Haben nicht 15 Jahre Milliardentransfers, Mallorca und RTL endlich alles plan geschliffen? Hört das denn nie auf, dieses verstockte Beharren auf einer immer mehr Soli einfordernden Opferrolle des Ostens? Das zieht. Alte süddeutsch-katholische Stimmungen gegen die ostelbischen Piefkes werden wach, wie sie zuletzt nach dem Krieg den Vertriebenen entgegenschlugen. Also lautet ein erster Befund: So ostig wie heute war der Osten lange nicht mehr. Eine Instant-DDR einen Sommer lang medial zu erwecken ist kein Kunststück, wie sich zeigt. Es reichen ein paar Stiche in die bekannten Wunden. Sie schweißen noch einmal zusammen, was doch längst nur mehr locker zusammengehört. Und es ist klar: Besonders fest halten diejenigen an ihrer beleidigten und erniedrigten Ost-Identität, die sonst nicht viel haben, woran sie sich festhalten könnten. Es gibt den Osten, und es gibt ihn nicht. Wie ostig er ist, das hängt ganz davon ab, welches Milieu man betritt, welche Region, welche Stadt. So wirkmächtig die jetzt wieder schmerzhaft gefühlte DDR ist – der real existierende Osten ist keine verschworene, verstockte Sonderwelt. Er kennt Gewinner und Verlierer. Befreite und Bedrückte. Reiche und Arme.

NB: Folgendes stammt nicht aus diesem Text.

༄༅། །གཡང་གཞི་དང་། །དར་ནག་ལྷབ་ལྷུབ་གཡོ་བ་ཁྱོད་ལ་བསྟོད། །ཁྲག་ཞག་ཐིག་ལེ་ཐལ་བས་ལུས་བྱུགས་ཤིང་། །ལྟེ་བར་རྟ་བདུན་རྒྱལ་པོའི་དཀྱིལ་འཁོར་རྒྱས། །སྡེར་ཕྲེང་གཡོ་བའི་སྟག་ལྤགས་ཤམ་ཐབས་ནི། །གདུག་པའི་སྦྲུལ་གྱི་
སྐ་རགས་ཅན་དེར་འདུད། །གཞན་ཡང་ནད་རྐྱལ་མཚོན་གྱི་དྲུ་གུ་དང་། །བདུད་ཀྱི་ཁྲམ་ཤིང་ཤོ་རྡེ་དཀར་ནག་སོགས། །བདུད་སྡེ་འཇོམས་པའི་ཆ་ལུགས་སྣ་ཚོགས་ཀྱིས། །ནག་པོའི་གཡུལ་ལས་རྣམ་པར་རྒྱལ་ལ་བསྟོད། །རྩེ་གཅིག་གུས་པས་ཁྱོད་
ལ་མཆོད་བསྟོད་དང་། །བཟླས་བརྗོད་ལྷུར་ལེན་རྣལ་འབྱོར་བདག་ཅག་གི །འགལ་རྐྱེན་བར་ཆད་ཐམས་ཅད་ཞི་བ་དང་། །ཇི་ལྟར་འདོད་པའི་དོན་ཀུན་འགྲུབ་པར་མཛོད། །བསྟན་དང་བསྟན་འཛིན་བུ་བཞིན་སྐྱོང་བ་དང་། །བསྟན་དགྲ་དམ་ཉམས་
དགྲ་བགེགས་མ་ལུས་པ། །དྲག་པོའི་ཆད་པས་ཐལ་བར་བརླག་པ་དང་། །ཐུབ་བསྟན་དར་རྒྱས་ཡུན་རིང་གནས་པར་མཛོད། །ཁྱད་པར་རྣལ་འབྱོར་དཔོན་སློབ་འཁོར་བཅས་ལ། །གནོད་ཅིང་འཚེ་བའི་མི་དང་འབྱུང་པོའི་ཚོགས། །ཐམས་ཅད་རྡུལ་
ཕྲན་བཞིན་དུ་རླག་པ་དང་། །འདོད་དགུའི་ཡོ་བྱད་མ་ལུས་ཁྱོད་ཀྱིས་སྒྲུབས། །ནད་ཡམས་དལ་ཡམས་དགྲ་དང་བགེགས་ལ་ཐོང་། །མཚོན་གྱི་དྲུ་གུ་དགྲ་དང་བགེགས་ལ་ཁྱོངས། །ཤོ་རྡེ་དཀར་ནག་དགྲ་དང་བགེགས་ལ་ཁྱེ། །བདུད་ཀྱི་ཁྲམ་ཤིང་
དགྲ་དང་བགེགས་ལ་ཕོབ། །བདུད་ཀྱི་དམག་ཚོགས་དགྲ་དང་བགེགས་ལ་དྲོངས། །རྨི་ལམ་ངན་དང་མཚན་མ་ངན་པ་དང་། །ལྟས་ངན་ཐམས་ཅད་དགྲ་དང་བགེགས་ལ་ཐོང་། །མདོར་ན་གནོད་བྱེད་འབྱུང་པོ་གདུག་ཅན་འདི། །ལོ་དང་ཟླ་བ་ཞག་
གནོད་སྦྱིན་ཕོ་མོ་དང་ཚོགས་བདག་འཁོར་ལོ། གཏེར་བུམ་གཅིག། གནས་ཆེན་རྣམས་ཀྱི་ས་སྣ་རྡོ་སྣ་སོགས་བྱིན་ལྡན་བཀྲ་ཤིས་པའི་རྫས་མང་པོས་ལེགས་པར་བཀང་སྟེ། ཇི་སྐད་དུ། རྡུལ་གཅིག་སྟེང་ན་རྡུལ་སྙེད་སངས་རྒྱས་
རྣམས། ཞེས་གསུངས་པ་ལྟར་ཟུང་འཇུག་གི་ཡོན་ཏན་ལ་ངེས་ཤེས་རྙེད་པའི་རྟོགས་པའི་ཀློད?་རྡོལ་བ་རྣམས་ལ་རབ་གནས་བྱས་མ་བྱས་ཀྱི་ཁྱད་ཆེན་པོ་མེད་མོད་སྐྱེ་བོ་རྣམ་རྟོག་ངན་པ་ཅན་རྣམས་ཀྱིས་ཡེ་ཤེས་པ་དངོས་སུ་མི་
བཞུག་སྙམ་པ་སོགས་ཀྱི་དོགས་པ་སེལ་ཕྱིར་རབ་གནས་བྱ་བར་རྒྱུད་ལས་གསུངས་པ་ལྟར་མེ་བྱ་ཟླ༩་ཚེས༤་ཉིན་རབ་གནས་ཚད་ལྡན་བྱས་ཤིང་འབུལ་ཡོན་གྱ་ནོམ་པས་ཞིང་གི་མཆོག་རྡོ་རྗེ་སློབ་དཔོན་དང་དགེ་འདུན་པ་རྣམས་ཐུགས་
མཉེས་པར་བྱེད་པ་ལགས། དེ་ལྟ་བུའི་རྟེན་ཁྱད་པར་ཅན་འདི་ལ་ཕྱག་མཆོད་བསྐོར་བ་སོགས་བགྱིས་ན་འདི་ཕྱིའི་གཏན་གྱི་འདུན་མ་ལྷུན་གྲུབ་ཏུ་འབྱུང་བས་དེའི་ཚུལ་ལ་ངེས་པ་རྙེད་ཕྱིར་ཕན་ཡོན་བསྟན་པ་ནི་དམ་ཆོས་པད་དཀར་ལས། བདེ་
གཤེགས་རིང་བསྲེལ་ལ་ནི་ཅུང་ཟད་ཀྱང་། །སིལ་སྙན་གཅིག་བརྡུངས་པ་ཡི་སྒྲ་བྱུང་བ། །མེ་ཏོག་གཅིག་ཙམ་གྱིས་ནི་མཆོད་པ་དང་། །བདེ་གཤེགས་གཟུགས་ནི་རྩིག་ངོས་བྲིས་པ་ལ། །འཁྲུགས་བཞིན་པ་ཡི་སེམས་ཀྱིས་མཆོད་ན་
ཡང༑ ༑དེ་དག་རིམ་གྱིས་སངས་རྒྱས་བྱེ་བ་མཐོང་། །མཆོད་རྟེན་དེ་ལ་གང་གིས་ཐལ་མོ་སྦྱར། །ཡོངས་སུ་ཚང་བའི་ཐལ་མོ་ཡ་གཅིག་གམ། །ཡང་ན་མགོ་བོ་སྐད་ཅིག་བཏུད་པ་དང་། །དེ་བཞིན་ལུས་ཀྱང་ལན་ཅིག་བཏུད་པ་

Am äußersten deutschen Ostrand liegt Eisenhüttenstadt an der Oder, anderthalb Autostunden südlich davon Görlitz an der Neiße. Und doch ist es, als lägen diese Städte auf verschiedenen Kontinenten.

Als Stalinstadt 1951 um ein neues Hüttenwerk herum gegründet, nach Stalins Tod in Eisenhüttenstadt umbenannt, ist "die erste sozialistische Stadt der DDR" heute deren traurige Endmoräne. Eine tote Stadt – das ist nicht die Formulierung eines Westjournalisten, es ist das bitter-nüchterne Urteil einer Lehrerin am Fürstenberger Gymnasium. Heike Zylla leitet dort den Theaterkurs. Mit Schülern der elften Klasse führt sie gerade ein selbst entworfenes Stück auf, es heißt Aufbau und Abriss und spielt in dem Plattenbauviertel, in dem ihre Schule liegt. Aufbau, das ist die Welt von gestern, Abriss die von heute. Das Stück ist keineswegs unkritisch gegenüber der DDR. Und doch ist, wie fast immer, die Welt von früher ein bisschen heiler.